GIVEN RECORDS
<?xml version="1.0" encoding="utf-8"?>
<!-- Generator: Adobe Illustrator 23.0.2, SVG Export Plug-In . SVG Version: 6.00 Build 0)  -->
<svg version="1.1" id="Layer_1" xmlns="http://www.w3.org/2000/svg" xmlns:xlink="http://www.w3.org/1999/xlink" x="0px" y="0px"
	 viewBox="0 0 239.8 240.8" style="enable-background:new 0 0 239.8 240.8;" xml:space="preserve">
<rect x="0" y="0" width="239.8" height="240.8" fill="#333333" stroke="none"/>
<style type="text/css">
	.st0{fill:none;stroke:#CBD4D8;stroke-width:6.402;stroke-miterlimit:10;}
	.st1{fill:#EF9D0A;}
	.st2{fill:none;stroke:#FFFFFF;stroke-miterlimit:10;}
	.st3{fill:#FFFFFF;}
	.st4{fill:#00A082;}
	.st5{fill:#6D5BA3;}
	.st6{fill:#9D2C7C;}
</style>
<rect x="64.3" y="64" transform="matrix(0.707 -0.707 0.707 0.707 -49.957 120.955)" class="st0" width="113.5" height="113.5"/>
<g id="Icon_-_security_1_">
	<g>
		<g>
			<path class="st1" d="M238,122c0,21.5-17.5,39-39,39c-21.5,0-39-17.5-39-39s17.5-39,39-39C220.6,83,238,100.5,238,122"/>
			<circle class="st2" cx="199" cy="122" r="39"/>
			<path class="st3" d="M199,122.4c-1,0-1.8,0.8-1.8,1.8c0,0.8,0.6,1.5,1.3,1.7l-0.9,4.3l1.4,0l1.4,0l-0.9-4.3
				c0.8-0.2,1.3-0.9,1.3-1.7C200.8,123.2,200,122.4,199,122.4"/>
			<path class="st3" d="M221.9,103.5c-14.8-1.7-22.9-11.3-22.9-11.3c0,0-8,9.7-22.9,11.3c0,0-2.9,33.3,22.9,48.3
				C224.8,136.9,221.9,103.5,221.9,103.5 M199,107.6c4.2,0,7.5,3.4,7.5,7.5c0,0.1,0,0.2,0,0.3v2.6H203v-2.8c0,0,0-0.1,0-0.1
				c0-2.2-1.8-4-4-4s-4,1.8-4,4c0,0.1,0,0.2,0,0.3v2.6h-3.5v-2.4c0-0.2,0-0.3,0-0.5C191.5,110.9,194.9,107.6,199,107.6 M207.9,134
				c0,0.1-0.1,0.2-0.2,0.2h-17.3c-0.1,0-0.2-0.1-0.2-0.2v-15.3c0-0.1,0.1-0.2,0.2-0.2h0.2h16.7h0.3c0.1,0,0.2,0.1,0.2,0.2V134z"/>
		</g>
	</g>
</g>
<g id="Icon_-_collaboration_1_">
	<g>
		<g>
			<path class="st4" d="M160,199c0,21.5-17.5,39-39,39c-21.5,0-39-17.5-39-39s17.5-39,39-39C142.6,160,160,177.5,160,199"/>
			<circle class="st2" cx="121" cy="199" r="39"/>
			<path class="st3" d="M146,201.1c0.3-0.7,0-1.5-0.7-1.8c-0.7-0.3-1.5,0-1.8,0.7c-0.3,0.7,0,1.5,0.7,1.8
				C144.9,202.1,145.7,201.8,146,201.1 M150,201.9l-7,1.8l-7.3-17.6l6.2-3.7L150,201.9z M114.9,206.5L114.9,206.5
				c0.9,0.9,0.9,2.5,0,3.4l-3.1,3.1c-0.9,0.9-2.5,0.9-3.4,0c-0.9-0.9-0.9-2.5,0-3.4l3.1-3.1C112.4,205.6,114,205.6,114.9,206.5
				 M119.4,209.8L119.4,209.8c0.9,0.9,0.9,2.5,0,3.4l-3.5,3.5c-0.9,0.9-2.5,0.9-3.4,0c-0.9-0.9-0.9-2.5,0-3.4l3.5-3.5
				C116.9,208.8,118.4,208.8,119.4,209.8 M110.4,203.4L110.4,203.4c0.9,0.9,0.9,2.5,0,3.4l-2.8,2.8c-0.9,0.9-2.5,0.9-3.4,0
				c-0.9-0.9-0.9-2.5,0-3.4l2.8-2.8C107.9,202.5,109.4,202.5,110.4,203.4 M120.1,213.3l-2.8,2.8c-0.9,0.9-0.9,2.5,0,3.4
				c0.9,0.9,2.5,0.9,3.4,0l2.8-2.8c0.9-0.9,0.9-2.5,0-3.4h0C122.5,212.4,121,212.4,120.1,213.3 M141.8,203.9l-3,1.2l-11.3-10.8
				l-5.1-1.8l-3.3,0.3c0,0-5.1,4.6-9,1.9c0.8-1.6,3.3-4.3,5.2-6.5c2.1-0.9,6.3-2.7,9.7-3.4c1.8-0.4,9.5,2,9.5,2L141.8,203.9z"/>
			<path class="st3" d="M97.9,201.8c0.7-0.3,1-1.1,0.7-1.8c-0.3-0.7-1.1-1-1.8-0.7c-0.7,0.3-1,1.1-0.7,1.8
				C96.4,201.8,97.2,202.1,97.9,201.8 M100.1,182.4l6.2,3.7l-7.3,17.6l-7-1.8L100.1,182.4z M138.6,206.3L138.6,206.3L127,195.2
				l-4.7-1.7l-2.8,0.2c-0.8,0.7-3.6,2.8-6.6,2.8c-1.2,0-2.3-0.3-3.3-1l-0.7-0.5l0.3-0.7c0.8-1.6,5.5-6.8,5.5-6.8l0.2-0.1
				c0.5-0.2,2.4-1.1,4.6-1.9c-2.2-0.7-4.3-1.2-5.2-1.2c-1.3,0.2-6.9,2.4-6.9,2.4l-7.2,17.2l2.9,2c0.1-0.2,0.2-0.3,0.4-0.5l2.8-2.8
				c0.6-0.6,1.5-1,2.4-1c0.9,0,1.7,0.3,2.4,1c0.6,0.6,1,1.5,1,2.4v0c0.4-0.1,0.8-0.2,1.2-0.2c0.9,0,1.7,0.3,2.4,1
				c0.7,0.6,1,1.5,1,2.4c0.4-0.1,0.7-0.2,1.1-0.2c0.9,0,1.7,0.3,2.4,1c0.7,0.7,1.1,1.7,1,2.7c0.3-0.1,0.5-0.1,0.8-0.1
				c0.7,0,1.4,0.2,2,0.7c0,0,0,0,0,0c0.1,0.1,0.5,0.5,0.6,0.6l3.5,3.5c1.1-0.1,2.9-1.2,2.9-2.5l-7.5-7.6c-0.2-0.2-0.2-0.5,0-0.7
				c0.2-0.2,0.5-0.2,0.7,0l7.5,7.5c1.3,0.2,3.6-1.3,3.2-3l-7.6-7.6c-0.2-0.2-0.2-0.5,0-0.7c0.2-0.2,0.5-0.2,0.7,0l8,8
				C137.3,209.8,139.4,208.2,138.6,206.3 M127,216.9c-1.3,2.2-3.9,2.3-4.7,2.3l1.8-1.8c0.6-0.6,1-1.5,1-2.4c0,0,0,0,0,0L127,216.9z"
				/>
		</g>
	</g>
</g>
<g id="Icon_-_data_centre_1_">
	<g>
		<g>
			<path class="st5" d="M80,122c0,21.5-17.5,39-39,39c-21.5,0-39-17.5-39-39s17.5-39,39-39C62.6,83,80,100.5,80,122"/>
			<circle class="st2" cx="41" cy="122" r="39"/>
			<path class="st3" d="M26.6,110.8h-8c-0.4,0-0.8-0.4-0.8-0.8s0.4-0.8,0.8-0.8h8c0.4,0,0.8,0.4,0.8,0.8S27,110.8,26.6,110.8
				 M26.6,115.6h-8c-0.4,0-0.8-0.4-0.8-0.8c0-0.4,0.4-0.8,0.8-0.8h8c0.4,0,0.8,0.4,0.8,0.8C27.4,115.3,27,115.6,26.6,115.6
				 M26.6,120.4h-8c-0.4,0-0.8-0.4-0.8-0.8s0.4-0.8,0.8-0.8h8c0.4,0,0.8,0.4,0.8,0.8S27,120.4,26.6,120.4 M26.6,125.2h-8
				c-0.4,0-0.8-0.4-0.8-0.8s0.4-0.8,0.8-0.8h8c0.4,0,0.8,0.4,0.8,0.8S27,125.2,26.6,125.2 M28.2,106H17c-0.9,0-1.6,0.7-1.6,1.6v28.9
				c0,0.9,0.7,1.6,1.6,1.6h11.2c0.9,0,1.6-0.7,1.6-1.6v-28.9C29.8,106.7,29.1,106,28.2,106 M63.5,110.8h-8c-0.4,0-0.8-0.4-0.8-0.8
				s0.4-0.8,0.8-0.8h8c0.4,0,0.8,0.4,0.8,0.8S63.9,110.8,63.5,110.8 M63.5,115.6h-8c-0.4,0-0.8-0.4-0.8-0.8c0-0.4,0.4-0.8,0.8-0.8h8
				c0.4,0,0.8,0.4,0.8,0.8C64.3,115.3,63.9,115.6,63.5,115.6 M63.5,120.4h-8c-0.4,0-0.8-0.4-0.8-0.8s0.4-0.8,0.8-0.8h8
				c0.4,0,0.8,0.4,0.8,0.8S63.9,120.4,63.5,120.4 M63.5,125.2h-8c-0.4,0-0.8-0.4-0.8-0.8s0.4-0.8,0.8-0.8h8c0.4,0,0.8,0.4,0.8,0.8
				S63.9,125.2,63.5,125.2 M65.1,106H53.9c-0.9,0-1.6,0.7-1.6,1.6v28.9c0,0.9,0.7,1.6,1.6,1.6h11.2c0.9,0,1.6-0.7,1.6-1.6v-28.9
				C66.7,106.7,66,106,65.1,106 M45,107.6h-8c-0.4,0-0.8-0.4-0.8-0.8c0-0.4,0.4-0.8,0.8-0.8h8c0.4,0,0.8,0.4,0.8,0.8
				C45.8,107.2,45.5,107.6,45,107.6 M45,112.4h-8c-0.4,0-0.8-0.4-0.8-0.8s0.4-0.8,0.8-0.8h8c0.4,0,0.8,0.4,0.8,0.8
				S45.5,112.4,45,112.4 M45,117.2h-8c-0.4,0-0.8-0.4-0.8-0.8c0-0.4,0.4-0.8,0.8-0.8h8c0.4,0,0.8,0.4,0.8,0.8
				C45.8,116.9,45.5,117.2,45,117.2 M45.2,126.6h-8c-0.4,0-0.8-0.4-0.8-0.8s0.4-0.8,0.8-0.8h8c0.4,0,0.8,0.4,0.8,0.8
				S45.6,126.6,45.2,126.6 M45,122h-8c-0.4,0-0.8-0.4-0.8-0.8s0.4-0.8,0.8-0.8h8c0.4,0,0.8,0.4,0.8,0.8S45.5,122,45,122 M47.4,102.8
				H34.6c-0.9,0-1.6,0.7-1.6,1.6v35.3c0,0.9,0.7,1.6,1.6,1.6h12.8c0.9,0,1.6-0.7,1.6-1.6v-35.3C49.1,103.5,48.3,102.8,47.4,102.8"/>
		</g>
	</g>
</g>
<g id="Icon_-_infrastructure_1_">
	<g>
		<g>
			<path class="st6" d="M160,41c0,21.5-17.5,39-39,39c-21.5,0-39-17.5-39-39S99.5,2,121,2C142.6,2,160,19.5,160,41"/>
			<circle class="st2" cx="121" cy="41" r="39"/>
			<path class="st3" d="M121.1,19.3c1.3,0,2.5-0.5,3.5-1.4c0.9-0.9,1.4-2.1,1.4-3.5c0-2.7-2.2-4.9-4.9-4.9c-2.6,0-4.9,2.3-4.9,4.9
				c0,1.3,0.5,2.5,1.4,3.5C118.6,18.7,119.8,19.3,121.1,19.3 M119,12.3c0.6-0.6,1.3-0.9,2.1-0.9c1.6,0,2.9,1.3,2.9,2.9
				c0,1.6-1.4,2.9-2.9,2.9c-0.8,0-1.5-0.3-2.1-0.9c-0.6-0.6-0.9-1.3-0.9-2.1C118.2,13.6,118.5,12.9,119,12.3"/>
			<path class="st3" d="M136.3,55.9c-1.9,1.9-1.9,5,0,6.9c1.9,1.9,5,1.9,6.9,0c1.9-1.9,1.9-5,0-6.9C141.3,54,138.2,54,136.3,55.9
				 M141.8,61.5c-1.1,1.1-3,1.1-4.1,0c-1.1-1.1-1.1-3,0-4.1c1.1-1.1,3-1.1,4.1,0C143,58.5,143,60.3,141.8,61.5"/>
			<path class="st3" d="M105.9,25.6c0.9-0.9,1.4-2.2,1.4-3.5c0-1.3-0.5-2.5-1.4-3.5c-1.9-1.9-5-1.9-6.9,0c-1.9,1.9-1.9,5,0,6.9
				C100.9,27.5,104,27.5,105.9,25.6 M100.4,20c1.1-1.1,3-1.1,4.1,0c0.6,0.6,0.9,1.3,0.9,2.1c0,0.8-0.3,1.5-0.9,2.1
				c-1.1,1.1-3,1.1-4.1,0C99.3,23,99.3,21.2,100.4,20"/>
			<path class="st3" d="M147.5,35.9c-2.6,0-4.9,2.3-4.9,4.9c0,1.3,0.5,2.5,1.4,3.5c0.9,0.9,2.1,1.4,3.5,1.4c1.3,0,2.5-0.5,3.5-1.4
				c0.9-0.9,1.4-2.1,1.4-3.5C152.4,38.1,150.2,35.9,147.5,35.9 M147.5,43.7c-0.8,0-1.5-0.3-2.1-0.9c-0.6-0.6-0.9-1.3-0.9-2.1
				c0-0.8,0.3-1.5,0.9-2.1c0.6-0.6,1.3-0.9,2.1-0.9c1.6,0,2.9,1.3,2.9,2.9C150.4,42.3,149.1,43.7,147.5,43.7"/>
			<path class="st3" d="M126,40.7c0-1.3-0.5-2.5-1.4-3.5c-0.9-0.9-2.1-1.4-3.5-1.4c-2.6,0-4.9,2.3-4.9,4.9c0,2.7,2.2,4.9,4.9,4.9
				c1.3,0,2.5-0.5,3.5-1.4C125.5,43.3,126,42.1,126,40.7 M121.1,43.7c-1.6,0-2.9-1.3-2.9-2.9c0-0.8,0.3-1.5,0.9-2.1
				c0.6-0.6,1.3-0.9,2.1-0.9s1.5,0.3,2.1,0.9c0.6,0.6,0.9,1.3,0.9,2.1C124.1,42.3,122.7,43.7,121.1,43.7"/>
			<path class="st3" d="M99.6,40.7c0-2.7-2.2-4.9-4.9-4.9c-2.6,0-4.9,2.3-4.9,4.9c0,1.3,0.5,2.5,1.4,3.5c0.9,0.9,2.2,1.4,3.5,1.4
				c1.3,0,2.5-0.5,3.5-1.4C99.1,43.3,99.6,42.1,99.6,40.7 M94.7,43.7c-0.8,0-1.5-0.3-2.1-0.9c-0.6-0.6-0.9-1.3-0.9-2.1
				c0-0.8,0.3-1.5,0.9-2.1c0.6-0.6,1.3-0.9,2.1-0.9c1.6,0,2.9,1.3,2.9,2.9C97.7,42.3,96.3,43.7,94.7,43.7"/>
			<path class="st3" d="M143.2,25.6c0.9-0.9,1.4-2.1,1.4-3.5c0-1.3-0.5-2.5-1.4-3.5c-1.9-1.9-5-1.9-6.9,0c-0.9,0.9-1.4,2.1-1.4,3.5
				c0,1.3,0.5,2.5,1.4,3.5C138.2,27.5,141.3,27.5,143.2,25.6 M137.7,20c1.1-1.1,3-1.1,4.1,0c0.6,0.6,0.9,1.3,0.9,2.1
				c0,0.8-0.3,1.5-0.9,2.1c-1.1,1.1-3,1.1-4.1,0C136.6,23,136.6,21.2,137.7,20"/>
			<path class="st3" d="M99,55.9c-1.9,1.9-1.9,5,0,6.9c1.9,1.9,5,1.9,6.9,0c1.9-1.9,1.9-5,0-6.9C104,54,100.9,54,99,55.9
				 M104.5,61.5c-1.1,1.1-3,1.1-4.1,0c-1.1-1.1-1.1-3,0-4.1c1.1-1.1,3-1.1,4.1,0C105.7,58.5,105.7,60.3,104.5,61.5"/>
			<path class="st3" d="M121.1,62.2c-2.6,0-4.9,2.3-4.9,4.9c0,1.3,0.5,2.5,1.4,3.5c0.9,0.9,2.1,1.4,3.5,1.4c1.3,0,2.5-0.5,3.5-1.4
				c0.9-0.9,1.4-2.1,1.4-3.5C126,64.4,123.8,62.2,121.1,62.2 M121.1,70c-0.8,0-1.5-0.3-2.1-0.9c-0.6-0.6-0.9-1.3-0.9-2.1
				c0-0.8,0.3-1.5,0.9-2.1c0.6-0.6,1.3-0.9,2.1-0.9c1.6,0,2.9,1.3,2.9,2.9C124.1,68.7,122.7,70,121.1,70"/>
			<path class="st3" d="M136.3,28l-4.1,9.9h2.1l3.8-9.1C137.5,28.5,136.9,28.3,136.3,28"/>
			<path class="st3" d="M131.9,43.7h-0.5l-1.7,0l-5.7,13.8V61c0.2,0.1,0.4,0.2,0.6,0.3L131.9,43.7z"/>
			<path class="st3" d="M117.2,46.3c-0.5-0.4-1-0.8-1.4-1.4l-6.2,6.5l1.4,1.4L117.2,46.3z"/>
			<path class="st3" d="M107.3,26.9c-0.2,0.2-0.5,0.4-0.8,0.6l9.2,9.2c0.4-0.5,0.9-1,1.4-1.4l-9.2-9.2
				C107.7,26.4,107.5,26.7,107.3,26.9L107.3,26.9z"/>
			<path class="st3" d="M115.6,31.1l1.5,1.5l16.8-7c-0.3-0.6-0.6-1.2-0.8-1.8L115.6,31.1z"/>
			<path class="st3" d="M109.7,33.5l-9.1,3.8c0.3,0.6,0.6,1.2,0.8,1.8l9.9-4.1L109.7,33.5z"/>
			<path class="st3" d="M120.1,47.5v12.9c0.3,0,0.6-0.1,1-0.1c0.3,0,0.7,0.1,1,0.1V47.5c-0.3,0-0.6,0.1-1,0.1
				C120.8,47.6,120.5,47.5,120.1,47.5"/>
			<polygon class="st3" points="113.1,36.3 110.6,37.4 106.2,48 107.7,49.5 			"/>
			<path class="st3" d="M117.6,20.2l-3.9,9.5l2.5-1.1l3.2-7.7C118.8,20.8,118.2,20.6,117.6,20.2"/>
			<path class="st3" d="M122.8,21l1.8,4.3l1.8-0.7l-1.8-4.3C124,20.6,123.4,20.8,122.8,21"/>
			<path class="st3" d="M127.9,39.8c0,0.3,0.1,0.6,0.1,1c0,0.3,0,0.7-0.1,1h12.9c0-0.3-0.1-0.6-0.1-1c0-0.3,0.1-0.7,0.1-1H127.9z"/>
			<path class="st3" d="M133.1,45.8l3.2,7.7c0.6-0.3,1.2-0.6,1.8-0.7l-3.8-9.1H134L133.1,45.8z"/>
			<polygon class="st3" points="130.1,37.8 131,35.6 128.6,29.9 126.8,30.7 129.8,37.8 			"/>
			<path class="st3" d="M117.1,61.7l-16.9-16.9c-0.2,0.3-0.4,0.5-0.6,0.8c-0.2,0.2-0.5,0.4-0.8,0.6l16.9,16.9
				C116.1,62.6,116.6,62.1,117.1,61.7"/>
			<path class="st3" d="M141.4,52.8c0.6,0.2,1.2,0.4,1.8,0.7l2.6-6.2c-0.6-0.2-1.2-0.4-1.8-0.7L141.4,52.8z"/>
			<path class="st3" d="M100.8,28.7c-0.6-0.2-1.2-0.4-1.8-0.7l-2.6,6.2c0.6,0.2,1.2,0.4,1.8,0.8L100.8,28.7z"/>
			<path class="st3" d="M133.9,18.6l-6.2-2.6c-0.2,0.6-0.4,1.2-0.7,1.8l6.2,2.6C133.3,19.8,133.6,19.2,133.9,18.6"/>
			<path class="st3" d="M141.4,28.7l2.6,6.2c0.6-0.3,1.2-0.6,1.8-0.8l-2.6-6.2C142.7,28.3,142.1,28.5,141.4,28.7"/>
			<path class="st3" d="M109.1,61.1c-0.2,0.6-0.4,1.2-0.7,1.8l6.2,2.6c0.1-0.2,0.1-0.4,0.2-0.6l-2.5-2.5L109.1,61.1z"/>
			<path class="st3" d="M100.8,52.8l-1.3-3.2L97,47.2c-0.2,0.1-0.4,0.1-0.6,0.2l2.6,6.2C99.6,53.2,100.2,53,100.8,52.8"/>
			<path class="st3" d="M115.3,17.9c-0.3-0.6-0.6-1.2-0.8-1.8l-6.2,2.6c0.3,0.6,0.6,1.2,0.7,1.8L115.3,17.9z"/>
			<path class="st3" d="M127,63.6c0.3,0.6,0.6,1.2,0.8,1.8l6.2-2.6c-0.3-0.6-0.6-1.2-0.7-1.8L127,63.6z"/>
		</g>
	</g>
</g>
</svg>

WORK INSTRUCTION
Go through the material and report each line that holds the string "height".

ANSWER SPACE
<rect x="0" y="0" width="239.8" height="240.8" fill="#333333" stroke="none"/>
<rect x="64.3" y="64" transform="matrix(0.707 -0.707 0.707 0.707 -49.957 120.955)" class="st0" width="113.5" height="113.5"/>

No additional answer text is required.